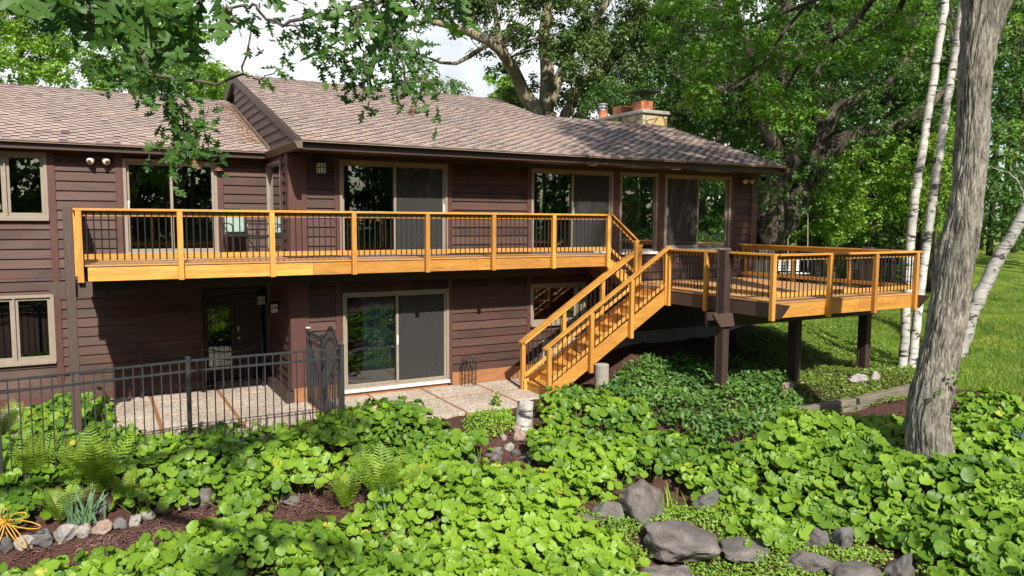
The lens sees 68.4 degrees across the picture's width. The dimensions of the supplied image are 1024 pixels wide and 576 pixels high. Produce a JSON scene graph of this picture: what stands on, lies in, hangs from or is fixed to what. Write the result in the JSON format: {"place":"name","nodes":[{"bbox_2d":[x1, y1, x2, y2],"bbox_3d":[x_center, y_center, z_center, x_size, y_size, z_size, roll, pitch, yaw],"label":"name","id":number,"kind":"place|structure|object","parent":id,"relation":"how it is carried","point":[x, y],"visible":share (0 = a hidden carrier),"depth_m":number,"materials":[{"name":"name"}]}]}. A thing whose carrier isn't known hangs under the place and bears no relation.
{"place":"outdoors","nodes":[
{"label":"outdoors","id":0,"kind":"place"},
{"bbox_2d":[0,377,541,479],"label":"patio","id":1,"kind":"structure","parent":0,"point":[464,402],"depth_m":15.25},
{"bbox_2d":[14,383,519,480],"bbox_3d":[-5.224,2.503,14.789,13.110,0.216,4.460,-2,6,-29],"label":"patio divider","id":2,"kind":"object","parent":1,"relation":"on","point":[220,394],"visible":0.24,"depth_m":14.98,"materials":[{"name":"brown wood"}]},
{"bbox_2d":[138,333,264,397],"bbox_3d":[-6.638,1.656,16.242,2.500,1.190,0.050,-2,6,-29],"label":"iron fence","id":3,"kind":"object","parent":2,"relation":"on","point":[202,356],"visible":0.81,"depth_m":16.20,"materials":[{"name":"black metal"}]},
{"bbox_2d":[306,327,324,412],"bbox_3d":[-3.869,1.611,14.865,0.080,1.555,1.200,-2,6,-29],"label":"fence panel","id":4,"kind":"object","parent":2,"relation":"on","point":[310,342],"visible":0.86,"depth_m":14.97,"materials":[{"name":"metal"}]},
{"bbox_2d":[41,207,611,432],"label":"deck","id":5,"kind":"structure","parent":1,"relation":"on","point":[140,271],"depth_m":14.16,"materials":[{"name":"brown wood"}]},
{"bbox_2d":[221,208,257,251],"bbox_3d":[-5.808,-1.193,16.020,0.568,0.995,0.652,-4,7,-43],"label":"patio chair","id":6,"kind":"object","parent":5,"relation":"on","point":[231,235],"visible":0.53,"depth_m":16.00,"materials":[{"name":"black metal"}]},
{"bbox_2d":[225,217,244,233],"bbox_3d":[-5.939,-1.369,16.144,0.420,0.400,0.110,-4,7,-43],"label":"chair cushion","id":7,"kind":"object","parent":6,"relation":"on","point":[236,225],"visible":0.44,"depth_m":16.11,"materials":[{"name":"fabric"}]},
{"bbox_2d":[247,208,283,256],"bbox_3d":[-5.073,-1.148,15.566,0.652,0.995,0.568,-4,7,-42],"label":"patio chair","id":8,"kind":"object","parent":5,"relation":"on","point":[280,235],"visible":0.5,"depth_m":15.51,"materials":[{"name":"black metal"}]},
{"bbox_2d":[275,217,280,233],"bbox_3d":[-4.929,-1.321,15.679,0.110,0.400,0.420,-4,7,-42],"label":"chair cushion","id":9,"kind":"object","parent":8,"relation":"on","point":[279,226],"visible":0.24,"depth_m":15.53,"materials":[{"name":"fabric"}]},
{"bbox_2d":[461,354,476,386],"bbox_3d":[-0.973,1.845,16.986,0.350,0.725,0.350,-2,6,-29],"label":"wire trellis","id":10,"kind":"object","parent":1,"relation":"on","point":[469,364],"visible":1,"depth_m":17.01,"materials":[{"name":"black metal"}]},
{"bbox_2d":[518,244,672,396],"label":"deck stairs","id":11,"kind":"structure","parent":1,"relation":"on","point":[595,342],"depth_m":16.72,"materials":[{"name":"brown wood"}]},
{"bbox_2d":[0,229,1023,575],"bbox_3d":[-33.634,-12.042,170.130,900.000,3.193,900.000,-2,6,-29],"label":"ground","id":12,"kind":"structure","parent":0,"point":[616,359],"depth_m":13.12,"materials":[{"name":"plant"}]},
{"bbox_2d":[0,536,13,552],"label":"edging stone","id":13,"kind":"object","parent":12,"relation":"on","point":[6,544],"visible":0.96,"depth_m":9.53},
{"bbox_2d":[0,398,34,434],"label":"fern","id":14,"kind":"object","parent":12,"relation":"on","point":[13,408],"visible":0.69,"depth_m":12.97,"materials":[{"name":"green plant"}]},
{"bbox_2d":[0,508,40,548],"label":"garden spinner","id":15,"kind":"object","parent":12,"relation":"on","point":[3,522],"visible":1,"depth_m":9.56,"materials":[{"name":"yellow metal"}]},
{"bbox_2d":[13,535,33,550],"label":"edging stone","id":16,"kind":"object","parent":12,"relation":"on","point":[28,539],"visible":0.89,"depth_m":9.62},
{"bbox_2d":[4,425,78,487],"bbox_3d":[-6.696,2.445,10.751,0.995,0.937,1.099,-2,6,-29],"label":"fern","id":17,"kind":"object","parent":12,"relation":"on","point":[28,456],"visible":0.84,"depth_m":10.77,"materials":[{"name":"green plant"}]},
{"bbox_2d":[31,528,52,547],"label":"edging stone","id":18,"kind":"object","parent":12,"relation":"on","point":[43,538],"visible":0.98,"depth_m":9.71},
{"bbox_2d":[0,1,100,87],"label":"linden tree","id":19,"kind":"object","parent":12,"relation":"on","point":[23,41],"visible":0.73,"depth_m":37.54,"materials":[{"name":"green plant"}]},
{"bbox_2d":[28,477,97,523],"bbox_3d":[-6.072,2.909,10.182,0.662,0.572,0.870,1,5,9],"label":"fern","id":20,"kind":"object","parent":12,"relation":"on","point":[54,507],"visible":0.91,"depth_m":10.17,"materials":[{"name":"green plant"}]},
{"bbox_2d":[53,524,78,544],"bbox_3d":[-5.853,3.215,9.907,0.240,0.253,0.265,3,6,24],"label":"edging stone","id":21,"kind":"object","parent":12,"relation":"on","point":[63,533],"visible":1,"depth_m":9.82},
{"bbox_2d":[45,436,104,484],"bbox_3d":[-6.362,2.521,10.927,0.751,0.716,0.678,-1,5,-12],"label":"fern","id":22,"kind":"object","parent":12,"relation":"on","point":[73,467],"visible":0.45,"depth_m":10.88,"materials":[{"name":"green plant"}]},
{"bbox_2d":[52,483,107,525],"bbox_3d":[-5.829,2.957,10.202,0.689,0.530,0.803,-2,6,-29],"label":"iris clump","id":23,"kind":"object","parent":12,"relation":"on","point":[86,514],"visible":0.91,"depth_m":10.20,"materials":[{"name":"green plant"}]},
{"bbox_2d":[76,523,90,537],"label":"edging stone","id":24,"kind":"object","parent":12,"relation":"on","point":[84,530],"visible":1,"depth_m":9.93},
{"bbox_2d":[62,427,138,496],"bbox_3d":[-5.860,2.492,10.762,1.038,1.026,1.157,-2,6,-29],"label":"fern","id":25,"kind":"object","parent":12,"relation":"on","point":[90,463],"visible":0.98,"depth_m":10.71,"materials":[{"name":"green plant"}]},
{"bbox_2d":[91,519,112,534],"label":"edging stone","id":26,"kind":"object","parent":12,"relation":"on","point":[102,527],"visible":1,"depth_m":10.02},
{"bbox_2d":[94,499,117,515],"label":"boulder","id":27,"kind":"object","parent":12,"relation":"on","point":[99,511],"visible":0.64,"depth_m":10.51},
{"bbox_2d":[112,517,127,529],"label":"edging stone","id":28,"kind":"object","parent":12,"relation":"on","point":[120,523],"visible":1,"depth_m":10.14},
{"bbox_2d":[108,463,156,509],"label":"fern","id":29,"kind":"object","parent":12,"relation":"on","point":[129,482],"visible":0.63,"depth_m":10.69,"materials":[{"name":"green plant"}]},
{"bbox_2d":[129,514,141,526],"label":"edging stone","id":30,"kind":"object","parent":12,"relation":"on","point":[134,520],"visible":0.91,"depth_m":10.26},
{"bbox_2d":[60,0,228,99],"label":"linden tree","id":31,"kind":"object","parent":12,"relation":"on","point":[99,85],"visible":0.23,"depth_m":39.19,"materials":[{"name":"green plant"}]},
{"bbox_2d":[140,509,155,520],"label":"edging stone","id":32,"kind":"object","parent":12,"relation":"on","point":[150,515],"visible":0.93,"depth_m":10.43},
{"bbox_2d":[155,503,171,514],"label":"edging stone","id":33,"kind":"object","parent":12,"relation":"on","point":[162,512],"visible":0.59,"depth_m":10.61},
{"bbox_2d":[0,344,344,486],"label":"metal fence","id":34,"kind":"object","parent":12,"relation":"on","point":[188,370],"visible":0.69,"depth_m":11.98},
{"bbox_2d":[321,326,339,414],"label":"garden gate","id":35,"kind":"structure","parent":34,"relation":"attached to","point":[328,339],"depth_m":13.89,"materials":[{"name":"metal"}]},
{"bbox_2d":[171,495,193,509],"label":"edging stone","id":36,"kind":"object","parent":12,"relation":"on","point":[185,506],"visible":0.45,"depth_m":10.79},
{"bbox_2d":[196,488,214,505],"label":"edging stone","id":37,"kind":"object","parent":12,"relation":"on","point":[205,494],"visible":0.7,"depth_m":10.91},
{"bbox_2d":[177,59,260,99],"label":"linden tree","id":38,"kind":"object","parent":12,"relation":"on","point":[226,73],"visible":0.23,"depth_m":40.40,"materials":[{"name":"green plant"}]},
{"bbox_2d":[0,0,481,197],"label":"oak tree","id":39,"kind":"object","parent":12,"relation":"on","point":[149,41],"visible":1,"depth_m":6.18,"materials":[{"name":"green plant"}]},
{"bbox_2d":[280,495,299,505],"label":"boulder","id":40,"kind":"object","parent":12,"relation":"on","point":[290,500],"visible":0.98,"depth_m":11.09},
{"bbox_2d":[313,461,364,509],"bbox_3d":[-2.510,2.929,10.951,0.757,0.656,1.020,0,5,-5],"label":"fern","id":41,"kind":"object","parent":12,"relation":"on","point":[345,496],"visible":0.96,"depth_m":10.95,"materials":[{"name":"green plant"}]},
{"bbox_2d":[340,443,414,505],"bbox_3d":[-1.861,2.793,10.954,1.106,0.943,0.954,1,5,11],"label":"fern","id":42,"kind":"object","parent":12,"relation":"on","point":[378,476],"visible":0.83,"depth_m":11.02,"materials":[{"name":"green plant"}]},
{"bbox_2d":[361,481,412,521],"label":"grass clump","id":43,"kind":"object","parent":12,"relation":"on","point":[383,503],"visible":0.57,"depth_m":10.83,"materials":[{"name":"green plant"}]},
{"bbox_2d":[0,72,790,408],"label":"house","id":44,"kind":"structure","parent":12,"relation":"on","point":[656,186],"depth_m":17.03,"materials":[{"name":"wood"}]},
{"bbox_2d":[0,151,48,220],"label":"casement window","id":45,"kind":"structure","parent":44,"relation":"in","point":[7,215],"depth_m":14.55,"materials":[{"name":"beige wood"}]},
{"bbox_2d":[0,294,56,367],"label":"casement window","id":46,"kind":"structure","parent":44,"relation":"in","point":[16,360],"depth_m":14.79,"materials":[{"name":"beige wood"}]},
{"bbox_2d":[86,156,109,164],"bbox_3d":[-8.269,-2.550,15.065,0.419,0.183,0.227,-2,6,-29],"label":"floodlight","id":47,"kind":"object","parent":44,"relation":"attached to","point":[105,161],"visible":1,"depth_m":15.06,"materials":[{"name":"white metal"}]},
{"bbox_2d":[122,158,218,253],"bbox_3d":[-7.177,-1.682,15.914,1.815,2.010,0.210,-2,6,-29],"label":"sliding door","id":48,"kind":"structure","parent":44,"relation":"in","point":[125,161],"depth_m":15.87,"materials":[{"name":"beige wood"}]},
{"bbox_2d":[234,291,262,377],"bbox_3d":[-6.163,1.086,17.678,0.625,2.015,0.130,-2,6,-29],"label":"entry door","id":49,"kind":"structure","parent":44,"relation":"in","point":[248,315],"depth_m":17.65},
{"bbox_2d":[255,293,265,304],"bbox_3d":[-5.867,0.261,17.600,0.200,0.265,0.200,-2,6,-29],"label":"wall lantern","id":50,"kind":"object","parent":44,"relation":"attached to","point":[260,298],"depth_m":17.54,"materials":[{"name":"black metal"}]},
{"bbox_2d":[268,301,278,313],"bbox_3d":[-5.120,0.412,16.181,0.200,0.265,0.200,-2,6,-29],"label":"wall lantern","id":51,"kind":"object","parent":44,"relation":"attached to","point":[273,307],"depth_m":16.12,"materials":[{"name":"black metal"}]},
{"bbox_2d":[266,160,280,250],"bbox_3d":[-5.075,-1.745,16.254,0.145,1.920,1.410,-2,6,-29],"label":"picture window","id":52,"kind":"structure","parent":44,"relation":"in","point":[273,168],"depth_m":16.45,"materials":[{"name":"beige wood"}]},
{"bbox_2d":[315,160,326,173],"bbox_3d":[-3.839,-2.430,15.152,0.200,0.265,0.200,-2,6,-29],"label":"wall lantern","id":53,"kind":"object","parent":44,"relation":"attached to","point":[320,166],"depth_m":15.09,"materials":[{"name":"black metal"}]},
{"bbox_2d":[362,295,405,382],"bbox_3d":[-2.475,1.097,16.871,1.780,2.100,0.070,-2,6,-29],"label":"curtain","id":54,"kind":"object","parent":44,"relation":"hanging from","point":[378,338],"visible":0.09,"depth_m":16.62,"materials":[{"name":"fabric"}]},
{"bbox_2d":[339,159,447,256],"bbox_3d":[-2.499,-1.672,16.113,2.425,2.030,0.210,-2,6,-29],"label":"sliding door","id":55,"kind":"structure","parent":44,"relation":"in","point":[417,187],"depth_m":16.30,"materials":[{"name":"grey glass"}]},
{"bbox_2d":[342,288,449,393],"bbox_3d":[-2.489,1.110,16.376,2.425,2.120,0.210,-2,6,-29],"label":"sliding door","id":56,"kind":"structure","parent":44,"relation":"in","point":[421,316],"depth_m":16.57,"materials":[{"name":"grey glass"}]},
{"bbox_2d":[160,101,647,142],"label":"leaf litter","id":57,"kind":"object","parent":44,"relation":"on","point":[241,120],"visible":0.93,"depth_m":18.50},
{"bbox_2d":[531,282,585,326],"bbox_3d":[1.115,0.386,18.321,1.585,1.020,0.210,-2,6,-29],"label":"basement window","id":58,"kind":"structure","parent":44,"relation":"in","point":[569,320],"depth_m":18.37,"materials":[{"name":"beige wood"}]},
{"bbox_2d":[531,168,613,253],"bbox_3d":[1.473,-1.846,18.315,2.375,2.030,0.210,-2,6,-29],"label":"sliding door","id":59,"kind":"structure","parent":44,"relation":"in","point":[591,192],"depth_m":18.49,"materials":[{"name":"beige wood"}]},
{"bbox_2d":[619,172,657,254],"bbox_3d":[3.223,-1.902,19.287,1.220,2.070,0.210,-2,6,-29],"label":"picture window","id":60,"kind":"structure","parent":44,"relation":"in","point":[653,250],"depth_m":19.48,"materials":[{"name":"beige wood"}]},
{"bbox_2d":[664,174,731,250],"bbox_3d":[4.987,-2.009,20.262,2.355,2.010,0.210,-2,6,-29],"label":"sliding door","id":61,"kind":"structure","parent":44,"relation":"in","point":[697,212],"depth_m":20.26,"materials":[{"name":"grey glass"}]},
{"bbox_2d":[387,460,434,502],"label":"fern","id":62,"kind":"object","parent":12,"relation":"on","point":[401,486],"visible":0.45,"depth_m":11.12,"materials":[{"name":"green plant"}]},
{"bbox_2d":[385,63,472,95],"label":"linden tree","id":63,"kind":"object","parent":12,"relation":"on","point":[420,77],"visible":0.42,"depth_m":50.48,"materials":[{"name":"green plant"}]},
{"bbox_2d":[0,401,968,573],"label":"mulch","id":64,"kind":"object","parent":12,"relation":"on","point":[177,520],"visible":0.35,"depth_m":10.56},
{"bbox_2d":[484,447,502,461],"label":"boulder","id":65,"kind":"object","parent":12,"relation":"on","point":[496,453],"visible":0.81,"depth_m":12.95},
{"bbox_2d":[489,391,502,406],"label":"weed","id":66,"kind":"object","parent":12,"relation":"on","point":[494,401],"visible":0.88,"depth_m":15.16,"materials":[{"name":"green plant"}]},
{"bbox_2d":[483,70,534,109],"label":"linden tree","id":67,"kind":"object","parent":12,"relation":"on","point":[501,83],"visible":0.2,"depth_m":44.74,"materials":[{"name":"green plant"}]},
{"bbox_2d":[504,442,513,450],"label":"cobble","id":68,"kind":"object","parent":12,"relation":"on","point":[509,446],"visible":1,"depth_m":13.34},
{"bbox_2d":[0,382,1023,575],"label":"leafy ground cover","id":69,"kind":"object","parent":12,"relation":"on","point":[984,541],"visible":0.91,"depth_m":11.12,"materials":[{"name":"green plant"}]},
{"bbox_2d":[513,430,525,440],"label":"cobble","id":70,"kind":"object","parent":12,"relation":"on","point":[519,435],"visible":0.93,"depth_m":13.63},
{"bbox_2d":[516,400,532,430],"bbox_3d":[0.226,2.386,14.083,0.357,0.544,0.326,-2,6,-29],"label":"birch stump","id":71,"kind":"object","parent":12,"relation":"on","point":[524,417],"visible":0.89,"depth_m":13.96,"materials":[{"name":"white wood"}]},
{"bbox_2d":[519,452,540,462],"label":"boulder","id":72,"kind":"object","parent":12,"relation":"on","point":[525,457],"visible":0.46,"depth_m":13.10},
{"bbox_2d":[368,0,701,238],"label":"oak tree","id":73,"kind":"object","parent":12,"relation":"on","point":[594,36],"visible":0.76,"depth_m":31.34,"materials":[{"name":"green plant"}]},
{"bbox_2d":[595,363,608,395],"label":"concrete pier","id":74,"kind":"structure","parent":12,"relation":"on","point":[601,373],"depth_m":16.09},
{"bbox_2d":[588,501,623,522],"bbox_3d":[1.374,3.403,11.275,0.626,0.414,0.418,0,5,-6],"label":"boulder","id":75,"kind":"object","parent":12,"relation":"on","point":[612,508],"visible":0.61,"depth_m":11.18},
{"bbox_2d":[620,479,665,527],"bbox_3d":[2.024,3.280,11.458,0.572,0.788,0.939,5,7,45],"label":"boulder","id":76,"kind":"object","parent":12,"relation":"on","point":[640,499],"visible":0.75,"depth_m":11.17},
{"bbox_2d":[570,60,758,152],"bbox_3d":[5.704,-4.166,28.873,7.053,9.279,4.443,0,5,-5],"label":"spruce tree","id":77,"kind":"object","parent":12,"relation":"on","point":[611,99],"visible":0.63,"depth_m":27.83,"materials":[{"name":"green plant"}]},
{"bbox_2d":[643,565,692,575],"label":"boulder","id":78,"kind":"object","parent":12,"relation":"on","point":[666,570],"visible":0.88,"depth_m":9.55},
{"bbox_2d":[656,480,687,515],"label":"daylily clump","id":79,"kind":"object","parent":12,"relation":"on","point":[671,500],"visible":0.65,"depth_m":11.65,"materials":[{"name":"green plant"}]},
{"bbox_2d":[643,520,720,562],"bbox_3d":[2.356,3.560,10.419,1.063,0.466,0.991,2,5,20],"label":"boulder","id":80,"kind":"object","parent":12,"relation":"on","point":[673,541],"visible":0.99,"depth_m":10.20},
{"bbox_2d":[461,406,932,575],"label":"lime creeper","id":81,"kind":"object","parent":12,"relation":"on","point":[499,414],"visible":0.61,"depth_m":10.52,"materials":[{"name":"green plant"}]},
{"bbox_2d":[596,348,806,445],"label":"shade undergrowth","id":82,"kind":"object","parent":12,"relation":"on","point":[622,388],"visible":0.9,"depth_m":15.28,"materials":[{"name":"green plant"}]},
{"bbox_2d":[692,486,722,511],"bbox_3d":[3.133,3.294,11.760,0.765,0.325,0.431,-5,7,-44],"label":"boulder","id":83,"kind":"object","parent":12,"relation":"on","point":[709,499],"visible":0.59,"depth_m":11.58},
{"bbox_2d":[721,399,748,433],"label":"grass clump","id":84,"kind":"object","parent":12,"relation":"on","point":[740,427],"visible":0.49,"depth_m":13.96,"materials":[{"name":"green plant"}]},
{"bbox_2d":[720,536,768,565],"bbox_3d":[3.191,3.627,10.373,0.636,0.216,0.782,1,5,12],"label":"boulder","id":85,"kind":"object","parent":12,"relation":"on","point":[735,549],"visible":0.89,"depth_m":10.24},
{"bbox_2d":[745,373,782,400],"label":"shrub","id":86,"kind":"object","parent":12,"relation":"on","point":[759,382],"visible":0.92,"depth_m":15.29,"materials":[{"name":"green plant"}]},
{"bbox_2d":[612,244,929,395],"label":"deck","id":87,"kind":"structure","parent":12,"relation":"on","point":[727,297],"depth_m":15.91,"materials":[{"name":"brown wood"}]},
{"bbox_2d":[588,213,639,294],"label":"deck steps","id":88,"kind":"structure","parent":87,"relation":"on","point":[596,272],"depth_m":17.80,"materials":[{"name":"brown wood"}]},
{"bbox_2d":[781,382,794,392],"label":"boulder","id":89,"kind":"object","parent":12,"relation":"on","point":[786,385],"visible":0.56,"depth_m":15.99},
{"bbox_2d":[655,0,959,280],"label":"oak tree","id":90,"kind":"object","parent":12,"relation":"on","point":[779,219],"visible":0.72,"depth_m":23.71,"materials":[{"name":"green plant"}]},
{"bbox_2d":[778,207,807,273],"bbox_3d":[9.022,-2.262,23.987,0.888,3.618,0.372,0,5,0],"label":"tree swing","id":91,"kind":"object","parent":90,"relation":"hanging from","point":[797,260],"visible":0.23,"depth_m":24.26,"materials":[{"name":"wicker"}]},
{"bbox_2d":[783,550,835,572],"bbox_3d":[3.955,3.631,10.011,0.589,0.253,0.608,5,7,41],"label":"boulder","id":92,"kind":"object","parent":12,"relation":"on","point":[812,562],"visible":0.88,"depth_m":9.87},
{"bbox_2d":[804,527,829,547],"bbox_3d":[4.299,3.545,10.581,0.372,0.300,0.271,-4,7,-42],"label":"boulder","id":93,"kind":"object","parent":12,"relation":"on","point":[818,537],"visible":0.78,"depth_m":10.51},
{"bbox_2d":[611,0,1023,291],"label":"wood","id":94,"kind":"object","parent":12,"relation":"on","point":[992,224],"visible":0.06,"depth_m":33.91,"materials":[{"name":"green plant"}]},
{"bbox_2d":[735,321,915,413],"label":"grass","id":95,"kind":"structure","parent":12,"relation":"on","point":[807,326],"depth_m":18.64,"materials":[{"name":"green plant"}]},
{"bbox_2d":[640,0,1012,479],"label":"shade tree","id":96,"kind":"object","parent":12,"relation":"on","point":[928,426],"visible":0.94,"depth_m":12.29,"materials":[{"name":"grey plant"}]},
{"bbox_2d":[768,384,909,418],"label":"retaining wall","id":97,"kind":"structure","parent":12,"relation":"on","point":[868,398],"depth_m":15.30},
{"bbox_2d":[830,527,852,549],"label":"boulder","id":98,"kind":"object","parent":12,"relation":"on","point":[842,537],"visible":0.85,"depth_m":10.39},
{"bbox_2d":[825,559,881,575],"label":"boulder","id":99,"kind":"object","parent":12,"relation":"on","point":[851,568],"visible":0.98,"depth_m":9.64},
{"bbox_2d":[784,130,924,286],"bbox_3d":[12.302,-2.436,28.105,5.382,6.702,6.055,2,5,22],"label":"maple tree","id":100,"kind":"object","parent":12,"relation":"on","point":[838,229],"visible":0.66,"depth_m":26.73,"materials":[{"name":"green plant"}]},
{"bbox_2d":[795,210,919,285],"bbox_3d":[14.125,-1.606,32.193,8.393,3.886,5.141,0,5,-3],"label":"shrub","id":101,"kind":"object","parent":12,"relation":"on","point":[895,227],"visible":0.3,"depth_m":30.89,"materials":[{"name":"green plant"}]},
{"bbox_2d":[847,373,868,383],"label":"boulder","id":102,"kind":"object","parent":12,"relation":"on","point":[858,378],"visible":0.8,"depth_m":16.77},
{"bbox_2d":[870,371,880,379],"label":"boulder","id":103,"kind":"object","parent":12,"relation":"on","point":[874,375],"visible":0.89,"depth_m":17.14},
{"bbox_2d":[883,553,915,575],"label":"boulder","id":104,"kind":"object","parent":12,"relation":"on","point":[902,566],"visible":1,"depth_m":9.59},
{"bbox_2d":[895,110,954,264],"bbox_3d":[14.789,-2.746,26.250,2.401,7.431,6.064,4,6,34],"label":"maple tree","id":105,"kind":"object","parent":12,"relation":"on","point":[940,209],"visible":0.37,"depth_m":25.16,"materials":[{"name":"green plant"}]},
{"bbox_2d":[897,0,961,371],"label":"birch tree","id":106,"kind":"object","parent":12,"relation":"on","point":[909,342],"visible":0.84,"depth_m":18.04,"materials":[{"name":"white plant"}]},
{"bbox_2d":[865,0,1013,253],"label":"birch tree","id":107,"kind":"object","parent":12,"relation":"on","point":[932,36],"visible":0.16,"depth_m":28.79,"materials":[{"name":"green plant"}]},
{"bbox_2d":[961,12,1023,357],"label":"birch tree","id":108,"kind":"object","parent":12,"relation":"on","point":[983,288],"visible":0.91,"depth_m":19.18,"materials":[{"name":"white plant"}]},
{"bbox_2d":[967,474,1023,515],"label":"shrub","id":109,"kind":"object","parent":12,"relation":"on","point":[999,485],"visible":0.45,"depth_m":10.80,"materials":[{"name":"green plant"}]},
{"bbox_2d":[988,0,1023,247],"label":"shade tree","id":110,"kind":"object","parent":12,"relation":"on","point":[1012,84],"visible":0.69,"depth_m":25.91,"materials":[{"name":"green plant"}]},
{"bbox_2d":[994,429,1023,449],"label":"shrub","id":111,"kind":"object","parent":12,"relation":"on","point":[1017,435],"visible":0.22,"depth_m":12.49,"materials":[{"name":"green plant"}]},
{"bbox_2d":[0,0,1023,228],"label":"sky","id":112,"kind":"structure","parent":0,"point":[470,71],"materials":[{"name":"white"}]},
{"bbox_2d":[747,264,1023,396],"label":"lawn grass","id":113,"kind":"structure","parent":0,"point":[1009,383],"depth_m":21.20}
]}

------------------------

» **WHAT IS NEEDED**
For the string "cobble", filter the data and copy out each line where it occurs.

» **YOUR SOLUTION**
{"bbox_2d":[504,442,513,450],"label":"cobble","id":68,"kind":"object","parent":12,"relation":"on","point":[509,446],"visible":1,"depth_m":13.34},
{"bbox_2d":[513,430,525,440],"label":"cobble","id":70,"kind":"object","parent":12,"relation":"on","point":[519,435],"visible":0.93,"depth_m":13.63},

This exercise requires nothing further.